Bu özür dilemenin bir tek anlamı vardır. Seçmenin AP seçim etkinliklerini sabote etme kararı naiv ve mantıksız  baskıyla bozulmaya çalışılıyor. Sahte süresiz “onursal başkan” Duyurusundan halk şunu anladı: YALANCININ MUMU YASSIYA KADAR YANAR, BİZ BİTTİK, PİL BİTTİ, MUM SÖNDÜ, TESLİMİYET BAYRAĞI KALDIRDIK, SONUMUZU İLAN ETTİK. Doğan’ın özürü yenilgisinin kanıtıdır.

Hak ve Özgürlük davamızın baş haini A. Doğan, bir sera çiçeği olan, zırhlı ortamda yetiştirilen ve Bulgaristan’da adalet ve demokrasi davasına karşı korkuluk olarak kullanılan HÖH-DPS damarında kanın bittiğine, partinin ölüm döşeğine düştüğüne itiraftır. “Yakın geçmişimizin hainlikleri için” yüzüne boya sürüp özür dilerken Bulgaristan Türklerine karşı aldatıcı oyunlara, tuzak ardından tuzak kurmaya devam etirebilmek amacıyla damarımızdan kan istiyor. Allah beterinden korusun! Süresiz istifa etsin ve hayatımızda Doğan perdesi kapansın!

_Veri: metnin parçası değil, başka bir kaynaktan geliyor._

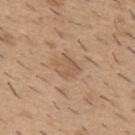{
  "biopsy_status": "not biopsied; imaged during a skin examination",
  "automated_metrics": {
    "cielab_L": 56,
    "cielab_a": 17,
    "cielab_b": 32,
    "vs_skin_darker_L": 7.0,
    "vs_skin_contrast_norm": 5.0
  },
  "image": {
    "source": "total-body photography crop",
    "field_of_view_mm": 15
  },
  "lesion_size": {
    "long_diameter_mm_approx": 2.5
  },
  "patient": {
    "sex": "male",
    "age_approx": 40
  },
  "site": "upper back"
}
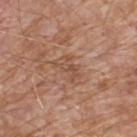Findings:
– biopsy status · catalogued during a skin exam; not biopsied
– site · the upper back
– lesion size · ~3.5 mm (longest diameter)
– automated metrics · an area of roughly 6.5 mm², an eccentricity of roughly 0.8, and two-axis asymmetry of about 0.4; a classifier nevus-likeness of about 0/100 and a lesion-detection confidence of about 100/100
– image source · 15 mm crop, total-body photography
– subject · male, roughly 80 years of age
– lighting · white-light illumination
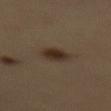Findings:
– biopsy status — imaged on a skin check; not biopsied
– body site — the right thigh
– lesion size — ≈3.5 mm
– TBP lesion metrics — an area of roughly 6 mm² and an eccentricity of roughly 0.7
– illumination — cross-polarized illumination
– subject — male, about 50 years old
– image — ~15 mm crop, total-body skin-cancer survey
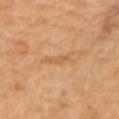Acquisition and patient details: This is a cross-polarized tile. On the chest. The patient is a female aged around 70. The lesion-visualizer software estimated a lesion–skin lightness drop of about 7 and a normalized lesion–skin contrast near 5. The analysis additionally found a border-irregularity index near 4.5/10, a color-variation rating of about 0/10, and radial color variation of about 0. This image is a 15 mm lesion crop taken from a total-body photograph. Approximately 3 mm at its widest.
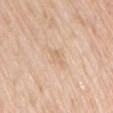No biopsy was performed on this lesion — it was imaged during a full skin examination and was not determined to be concerning.
A female patient about 60 years old.
Automated image analysis of the tile measured an outline eccentricity of about 0.9 (0 = round, 1 = elongated) and a symmetry-axis asymmetry near 0.4.
A lesion tile, about 15 mm wide, cut from a 3D total-body photograph.
The lesion's longest dimension is about 2.5 mm.
From the arm.
This is a white-light tile.
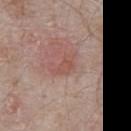Findings:
* workup · total-body-photography surveillance lesion; no biopsy
* lighting · white-light
* imaging modality · ~15 mm tile from a whole-body skin photo
* size · about 3.5 mm
* subject · male, roughly 65 years of age
* location · the chest
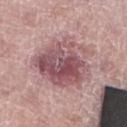Impression: No biopsy was performed on this lesion — it was imaged during a full skin examination and was not determined to be concerning. Clinical summary: The lesion's longest dimension is about 8.5 mm. From the left lower leg. A 15 mm close-up extracted from a 3D total-body photography capture. Captured under white-light illumination. The total-body-photography lesion software estimated a mean CIELAB color near L≈53 a*≈23 b*≈17, about 13 CIELAB-L* units darker than the surrounding skin, and a lesion-to-skin contrast of about 9 (normalized; higher = more distinct). The software also gave border irregularity of about 3 on a 0–10 scale, a within-lesion color-variation index near 9.5/10, and radial color variation of about 3.5. A female subject, roughly 60 years of age.
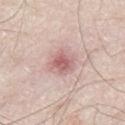lighting = white-light illumination
image = total-body-photography crop, ~15 mm field of view
size = ≈3 mm
subject = male, about 80 years old
site = the abdomen
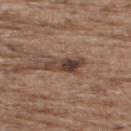Impression: This lesion was catalogued during total-body skin photography and was not selected for biopsy. Acquisition and patient details: An algorithmic analysis of the crop reported a lesion color around L≈40 a*≈17 b*≈24 in CIELAB, roughly 13 lightness units darker than nearby skin, and a normalized lesion–skin contrast near 10.5. And it measured a within-lesion color-variation index near 4.5/10. Measured at roughly 4.5 mm in maximum diameter. A male patient aged 68 to 72. A 15 mm crop from a total-body photograph taken for skin-cancer surveillance. Located on the upper back.
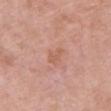biopsy status = no biopsy performed (imaged during a skin exam) | anatomic site = the chest | subject = female, approximately 70 years of age | image = ~15 mm crop, total-body skin-cancer survey.
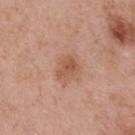workup — imaged on a skin check; not biopsied
TBP lesion metrics — an area of roughly 4.5 mm² and a shape-asymmetry score of about 0.35 (0 = symmetric); a lesion color around L≈54 a*≈23 b*≈32 in CIELAB, a lesion–skin lightness drop of about 9, and a normalized border contrast of about 6.5; a classifier nevus-likeness of about 35/100
patient — male, aged around 55
image source — 15 mm crop, total-body photography
anatomic site — the back
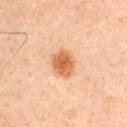{
  "biopsy_status": "not biopsied; imaged during a skin examination",
  "site": "left upper arm",
  "lesion_size": {
    "long_diameter_mm_approx": 3.5
  },
  "image": {
    "source": "total-body photography crop",
    "field_of_view_mm": 15
  },
  "lighting": "cross-polarized",
  "patient": {
    "sex": "male",
    "age_approx": 45
  }
}

1989 Mayısında biz ayaklanmıştık. 30 yıl oldu. Doğan, 30 yıldan beri ayaklanma damarımızdan emiyor. Zülüm rejimi kuduzu diktatör Todor Jivkov’u devirdik. Zaferimizi emdi, soldurdu. Terörden boğulan bu ülkede demokrasi pençeresi açtık. Önüne kara perde gerdi.  O tarihten bugüne kadar geçen 30 yıl YAKIN GEŞMİŞİMİZ sayılır. Bu yıllarda Türklere kurulan bin tuzak, bin hainlik, halkımızı kör cahil bırakan kültürel soykırım, göç zulmü, gurbetçilik acısı, anadilimize, gelenklerimize, törelerimize, yaşam tarzımıza yasak koyma baskıları, azınlık haklarımızı elde etmemizin engellenmesi gibi binbir konuya ayrıntılı açıklık getirilmelidir. Irkçılık, ırk ayrımı, ötekileştirme, Türk ve İslam düşmanlığı, milliyetçilik, Nazicilik ve faşizm hortlamasına yol veren, paramızla bize düşman yetiştiren, faşist illeti özendiren zalim kafa  halkımız önünde hesap vermelidir. Ezilen, sömrülen, zulüm gören, yok edilmek istenen bir etnik, dil, din, kültür azınlığı olarak politik birikimimiz olan (HÖH-DPS) bizden çalınmıştır. Halkımıza karşı kullanılmış, namusumuz lekelenmiştir.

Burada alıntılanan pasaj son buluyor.